I thought I’d share the result with you guys today. Obviously, it’s incomplete, it’s just a scene, really, but I’m surprisingly happy with it… and it’s generating a few ideas about who this guy is and where I could take him. It even brought back another character I met pretty recently that I didn’t necessarily expect to spend any more time with. As is often the case, I may have been wrong.
Maybe I should attempt this sort of experiment more often.
There was a light…
There was a light.
Phillip didn’t expect to see anything that morning – didn’t expect to see anything ever again, if he was going to be honest with himself, but from the dank, grungy bed of moss at the bottom of his cell, he looked up and saw an unmistakable, piercing blue light.
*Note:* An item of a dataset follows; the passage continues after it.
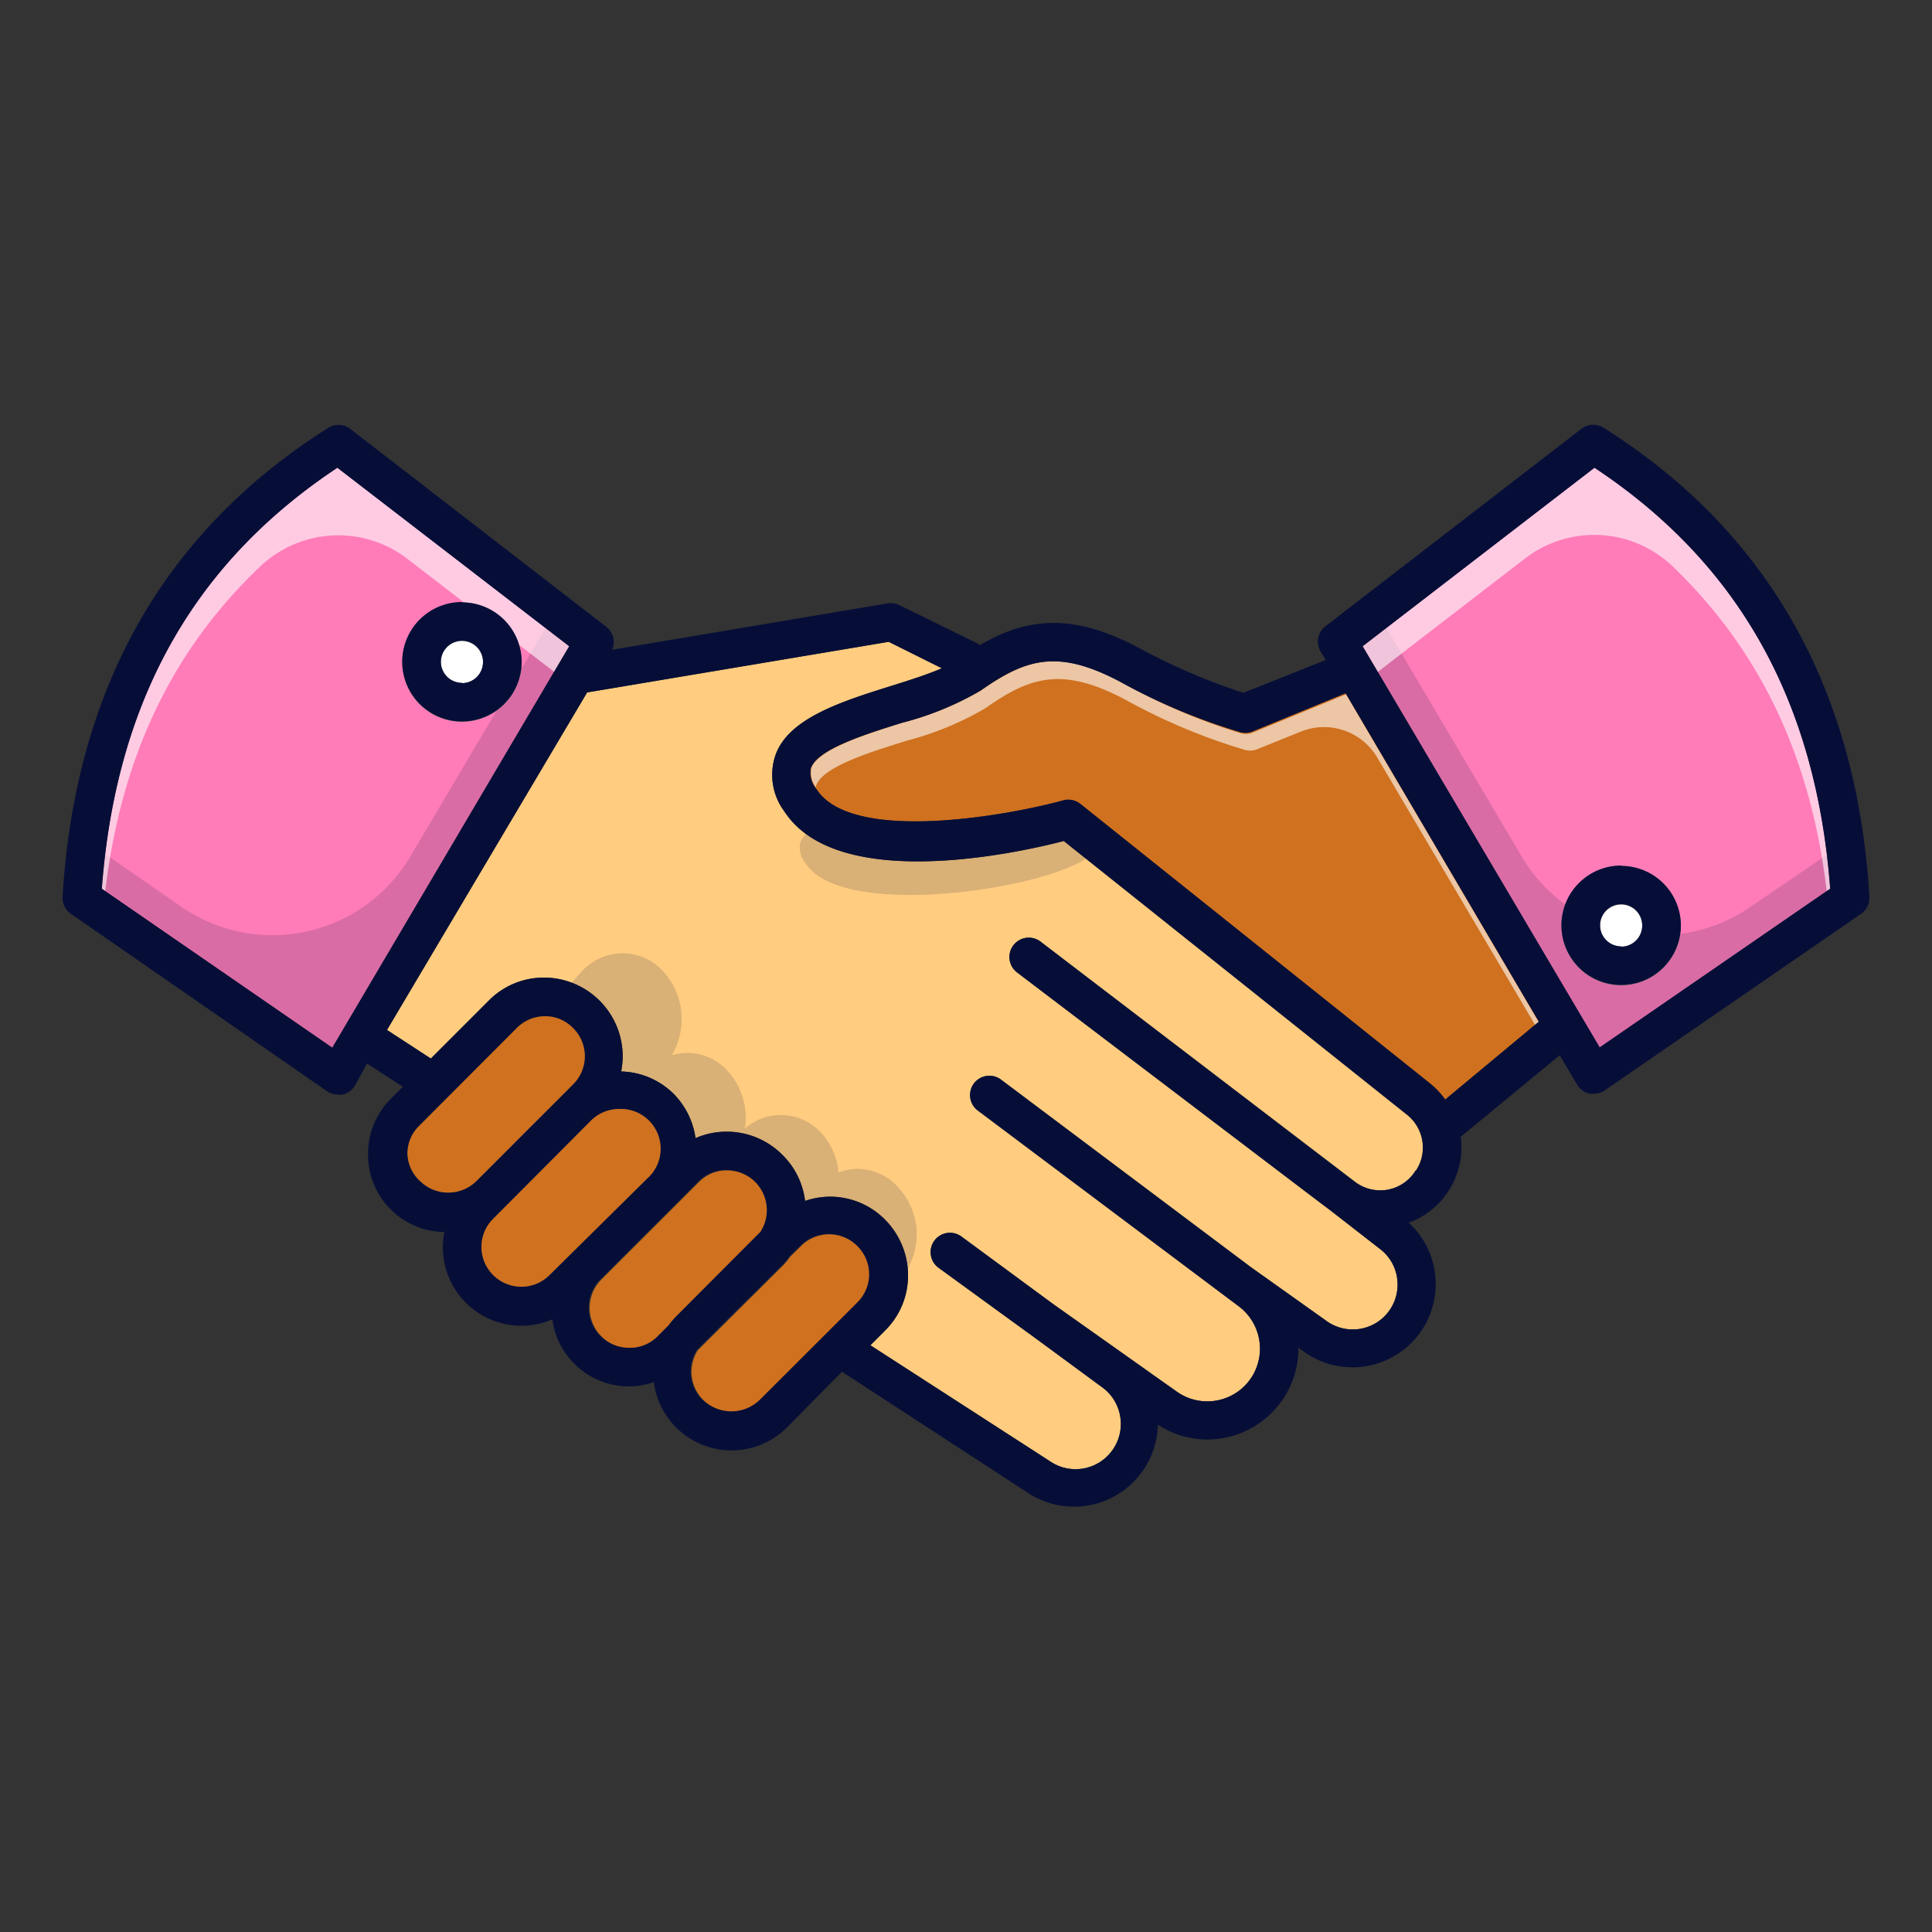 <svg xmlns="http://www.w3.org/2000/svg" viewBox="0 0 100 100"><rect x="0" y="0" width="100" height="100" fill="#333333" stroke="none"/><g data-name="ICON 10"><path fill="#ff7cb8" d="M17.2,54.23,5.27,46C6,36.29,10,29.16,17.46,24.21l12,9.24Z"></path><path fill="#060e38" d="M28.24,32.5l-7,11.83a8.29,8.29,0,0,1-11.86,2.6L5.44,44.2c-.07.58-.13,1.17-.17,1.77L17.2,54.23,29.47,33.45Z" opacity=".15"></path><path fill="#fff" d="M21.08,28.92l7.61,5.86.78-1.33-12-9.24C10,29.16,6,36.29,5.27,46l.18.12c.83-7,3.49-12.51,8.05-16.83A5.87,5.87,0,0,1,21.08,28.92Z" opacity=".6"></path><path fill="#ffcc80" d="M73.56,60a2.18,2.18,0,0,1-.27.58,2.15,2.15,0,0,1-1.46,1,2.18,2.18,0,0,1-1.69-.41L53.86,48.74a1,1,0,0,0-1.22,1.59L68,62l.85.64,2.57,2a2.29,2.29,0,0,1,.9,1.56,2.32,2.32,0,0,1-3.65,2.18l-3.95-2.81L51.81,55.88a1,1,0,1,0-1.2,1.6L64.12,67.62a2.74,2.74,0,0,1,.64,3.7,2.73,2.73,0,0,1-3.85.71L54.5,67.49,49.76,64a1,1,0,1,0-1.18,1.62l4.47,3.25s0,0,0,0l.28.2L57,71.77a2.34,2.34,0,0,1-2.66,3.86l-9.29-6,.76-.76A4,4,0,0,0,47,66a4.1,4.1,0,0,0-1.19-2.87,4,4,0,0,0-2.88-1.19h0a4.07,4.07,0,0,0-1.26.22,4,4,0,0,0-1.14-2.35A4.06,4.06,0,0,0,36,58.91a4.07,4.07,0,0,0-1.12-2.28,4,4,0,0,0-2.73-1.17,4.15,4.15,0,0,0,.08-.79,4.08,4.08,0,0,0-4.05-4.07h0a4,4,0,0,0-2.88,1.19l-3,3-2.27-1.48L30.39,35.84,46,33.22l2.75,1.37c-.74.32-1.68.62-2.61.91-2.62.82-5.32,1.68-6,3.58A3.16,3.16,0,0,0,40.6,42a4.49,4.49,0,0,0,1.15,1.19c3.58,2.57,11.12.91,13.31.34L72.83,57.7A2.16,2.16,0,0,1,73.56,60Z"></path><path fill="#060e38" d="M47.45,63.85a3.6,3.6,0,0,1-.9,2.41L43.16,70,23.88,57.23l6.18-6.89a2.92,2.92,0,0,1,2.17-1,2.86,2.86,0,0,1,2.15,1,3.6,3.6,0,0,1,.9,2.41,3.64,3.64,0,0,1-.51,1.87,2.79,2.79,0,0,1,2.94.87,3.63,3.63,0,0,1,.89,2.4,3.07,3.07,0,0,1-.05.53,2.82,2.82,0,0,1,4,.27,3.47,3.47,0,0,1,.85,2,3,3,0,0,1,.94-.19,2.87,2.87,0,0,1,2.19,1A3.6,3.6,0,0,1,47.45,63.85Z" opacity=".15"></path><path fill="#cf711f" d="M74.82,56.93a4.29,4.29,0,0,0-.74-.8L55.92,41.61a1,1,0,0,0-.9-.18c-2.72.75-10.89,2.27-12.75-.57a1.31,1.31,0,0,1-.3-1.1c.34-1,2.87-1.77,4.72-2.35a15.86,15.86,0,0,0,4.07-1.67c2.36-1.66,4-2.15,7.22-.45a31.41,31.41,0,0,0,6.17,2.59,1,1,0,0,0,.63,0l4.87-2,10,17Z"></path><path fill="#fff" d="M42.24,40.67c.34-1,2.87-1.76,4.72-2.34A16,16,0,0,0,51,36.66c2.35-1.66,4-2.15,7.22-.46a31.13,31.13,0,0,0,6.17,2.6,1,1,0,0,0,.63,0l2.33-.94a3.2,3.2,0,0,1,3.93,1.34l8.2,13.89.19-.15-10-17-4.87,2a1,1,0,0,1-.63,0A31.41,31.41,0,0,1,58,35.29c-3.19-1.7-4.86-1.21-7.22.45a15.86,15.86,0,0,1-4.07,1.67c-1.85.58-4.38,1.38-4.72,2.35a1.27,1.27,0,0,0,.25,1S42.23,40.7,42.24,40.67Z" opacity=".6"></path><path fill="#060e38" d="M56.24,44.42c-2.45,1.67-12.66,3.14-14.52.29a1.3,1.3,0,0,1-.3-1.1,1.35,1.35,0,0,1,.33-.47c3.58,2.57,11.12.91,13.31.34Z" opacity=".15"></path><path fill="#ff7cb8" d="M82.8,54.23,70.53,33.45l12-9.24C90,29.16,94,36.29,94.73,46Z"></path><path fill="#060e38" d="M71.76,32.5l7,11.83a8.29,8.29,0,0,0,11.86,2.6l4-2.73c.07.58.13,1.17.17,1.77L82.8,54.23,70.53,33.45Z" opacity=".15"></path><path fill="#fff" d="M78.92,28.92l-7.61,5.86-.78-1.33,12-9.24C90,29.16,94,36.29,94.73,46l-.18.12c-.83-7-3.49-12.51-8-16.83A5.87,5.87,0,0,0,78.92,28.92Z" opacity=".6"></path><path fill="#606060" d="M83.93,44.82A3.09,3.09,0,1,0,87,47.91,3.09,3.09,0,0,0,83.93,44.82Z"></path><path fill="#fff" d="M83.93,49A1.09,1.09,0,1,1,85,47.91,1.09,1.09,0,0,1,83.93,49Z"></path><path fill="#606060" d="M23.92,31.18A3.09,3.09,0,1,0,27,34.27,3.09,3.09,0,0,0,23.92,31.18Z"></path><path fill="#fff" d="M23.92,35.36A1.09,1.09,0,1,1,25,34.27,1.09,1.09,0,0,1,23.92,35.36Z"></path><path fill="#060e38" d="M83,22.14a1,1,0,0,0-1.14.05L68.61,32.41a1,1,0,0,0-.26,1.3l.27.45-4.26,1.7a32.4,32.4,0,0,1-5.44-2.34c-3.48-1.85-5.84-1.51-8.2-.13a.71.71,0,0,0-.09-.07l-4.08-2a1.08,1.08,0,0,0-.61-.09l-14.25,2.4a1,1,0,0,0-.3-1.18L18.12,22.19A1,1,0,0,0,17,22.14C8.5,27.49,3.88,35.66,3.24,46.41a1,1,0,0,0,.43.89l13.27,9.19a1.06,1.06,0,0,0,.57.17.75.75,0,0,0,.21,0,1,1,0,0,0,.65-.47L19,55.05l1.85,1.2-.6.6a4,4,0,0,0-1.2,2.86A4,4,0,0,0,23,63.77a4.06,4.06,0,0,0,4,4.85,4,4,0,0,0,1.59-.33,4,4,0,0,0,4,3.47h0a4.06,4.06,0,0,0,1.25-.22,4.06,4.06,0,0,0,6.9,2.34L43.58,71l9.64,6.28a4.34,4.34,0,0,0,6.71-3.54,4.65,4.65,0,0,0,2.54.77,5.24,5.24,0,0,0,.88-.08,4.73,4.73,0,0,0,3.86-4.67l.26.19a4.31,4.31,0,0,0,5.45-6.66,4.17,4.17,0,0,0,2.69-4.45l5.12-4.22.9,1.52a1,1,0,0,0,.65.47.75.75,0,0,0,.21,0,1.06,1.06,0,0,0,.57-.17L96.33,47.3a1,1,0,0,0,.43-.89C96.12,35.66,91.5,27.49,83,22.14ZM17.2,54.23,5.27,46C6,36.29,10,29.16,17.46,24.21l12,9.24Zm3.89,5.49a2,2,0,0,1,.61-1.45l5.05-5.06a2.06,2.06,0,0,1,1.46-.61h0a2,2,0,0,1,1.45.61,2.05,2.05,0,0,1,0,2.92l-5,5a2.08,2.08,0,0,1-2.92,0A2,2,0,0,1,21.09,59.72ZM25.53,66a2.05,2.05,0,0,1,0-2.92L30.59,58a2.07,2.07,0,0,1,1.45-.6h0A2.06,2.06,0,0,1,33.5,61L28.44,66A2.06,2.06,0,0,1,25.53,66Zm7,3.74h0a2,2,0,0,1-1.46-.6,2.08,2.08,0,0,1,0-2.92l5.06-5.06a2,2,0,0,1,1.45-.6,2.06,2.06,0,0,1,1.46.6,2.07,2.07,0,0,1,.27,2.58L35,68.13a4.33,4.33,0,0,0-.4.47l-.56.56A2,2,0,0,1,32.58,69.76Zm6.74,2.7a2.1,2.1,0,0,1-2.92,0,2.06,2.06,0,0,1-.28-2.57l4.39-4.37a3.35,3.35,0,0,0,.39-.47l.56-.55a2.05,2.05,0,0,1,2.92,0,2.05,2.05,0,0,1,0,2.91Zm34-11.86a2.15,2.15,0,0,1-1.46,1,2.18,2.18,0,0,1-1.69-.41L53.86,48.74a1,1,0,0,0-1.22,1.59L68,62h0l.85.64,2.57,2a2.29,2.29,0,0,1,.9,1.56,2.32,2.32,0,0,1-3.65,2.18l-3.95-2.81h0L51.81,55.88a1,1,0,1,0-1.2,1.6L64.13,67.62a2.74,2.74,0,0,1,.63,3.7,2.73,2.73,0,0,1-3.85.71L54.5,67.49,49.76,64a1,1,0,1,0-1.18,1.62l4.47,3.25s0,0,0,0l.28.2L57,71.77a2.34,2.34,0,0,1-2.66,3.86l-9.29-6,.76-.76A4,4,0,0,0,47,66a4.1,4.1,0,0,0-1.19-2.87,4,4,0,0,0-2.88-1.19h0a4.07,4.07,0,0,0-1.26.22,4,4,0,0,0-1.14-2.35A4.06,4.06,0,0,0,36,58.91a4.07,4.07,0,0,0-1.12-2.28,4,4,0,0,0-2.73-1.17,4.15,4.15,0,0,0,.08-.79,4.08,4.08,0,0,0-4.05-4.07h0a4,4,0,0,0-2.88,1.19l-3,3-2.27-1.48L30.39,35.84,46,33.22l2.75,1.37c-.74.32-1.68.62-2.61.91-2.62.82-5.32,1.68-6,3.58A3.16,3.16,0,0,0,40.6,42c2.74,4.2,12,2.17,14.46,1.53L72.83,57.7A2.18,2.18,0,0,1,73.29,60.6Zm1.53-3.67a4.29,4.29,0,0,0-.74-.8L55.92,41.61a1,1,0,0,0-.9-.18c-2.72.75-10.89,2.27-12.75-.57a1.31,1.31,0,0,1-.3-1.1c.34-1,2.87-1.77,4.72-2.35a15.86,15.86,0,0,0,4.07-1.67c2.36-1.66,4-2.15,7.22-.45a31.41,31.41,0,0,0,6.17,2.59,1,1,0,0,0,.63,0l4.87-2,10,17Zm8-2.7L70.53,33.45l12-9.24C90,29.16,94,36.29,94.73,46Zm1.13-9.41A3.09,3.09,0,1,0,87,47.91,3.09,3.09,0,0,0,83.93,44.82Zm0,4.18A1.09,1.09,0,1,1,85,47.91,1.09,1.09,0,0,1,83.93,49Zm-60-17.82A3.09,3.09,0,1,0,27,34.27,3.09,3.09,0,0,0,23.92,31.18Zm0,4.18A1.09,1.09,0,1,1,25,34.27,1.09,1.09,0,0,1,23.92,35.36Z"></path><path fill="#cf711f" d="M21.09 59.72a2 2 0 0 1 .61-1.45l5.05-5.06a2.06 2.06 0 0 1 1.46-.61h0a2 2 0 0 1 1.45.61 2.05 2.05 0 0 1 0 2.92l-5 5a2.08 2.08 0 0 1-2.92 0A2 2 0 0 1 21.09 59.72zM25.53 66a2.05 2.05 0 0 1 0-2.92L30.59 58a2.07 2.07 0 0 1 1.45-.6h0A2.06 2.06 0 0 1 33.5 61L28.44 66A2.06 2.06 0 0 1 25.53 66zM32.58 69.76h0a2 2 0 0 1-1.46-.6 2.08 2.08 0 0 1 0-2.92l5.06-5.06a2 2 0 0 1 1.45-.6 2.06 2.06 0 0 1 1.46.6 2.07 2.07 0 0 1 .27 2.58L35 68.13a4.33 4.33 0 0 0-.4.47l-.56.56A2 2 0 0 1 32.58 69.76zM39.32 72.46a2.1 2.1 0 0 1-2.92 0 2.06 2.06 0 0 1-.28-2.57l4.39-4.37a3.35 3.35 0 0 0 .39-.47l.56-.55a2.05 2.05 0 0 1 2.92 0 2.05 2.05 0 0 1 0 2.91z"></path></g></svg>

“Is that you?” he whispered. If you asked him later, he wouldn’t have been able to tell you who, exactly, he thought was looking for him, but for the six years of his imprisonment he had felt plainly certain that somebody, somewhere must have been at least curious as to what had become of him. Somewhere, in the back of his mind, there were still names – Diana, Chester, Clark (or was it Clarke?) and Eden. For some reason, those four names were clinging to his memory even now, even after virtually everything but this cold, wet hole was nothing but a faded remnant of a dream he was no longer certain was his own.
There was a light.
Not just light, he realized, but a warmth. The chill he’d grown so used to was fading from his skin, the ugly black sores on his arms were slowly irising away and fading, the long gashes in his chest… reaching up and touching his ears, he felt the holes in the lobes closing up, filling with flesh, becoming whole again.
He tried speaking again.
“Who are you?” he whispered.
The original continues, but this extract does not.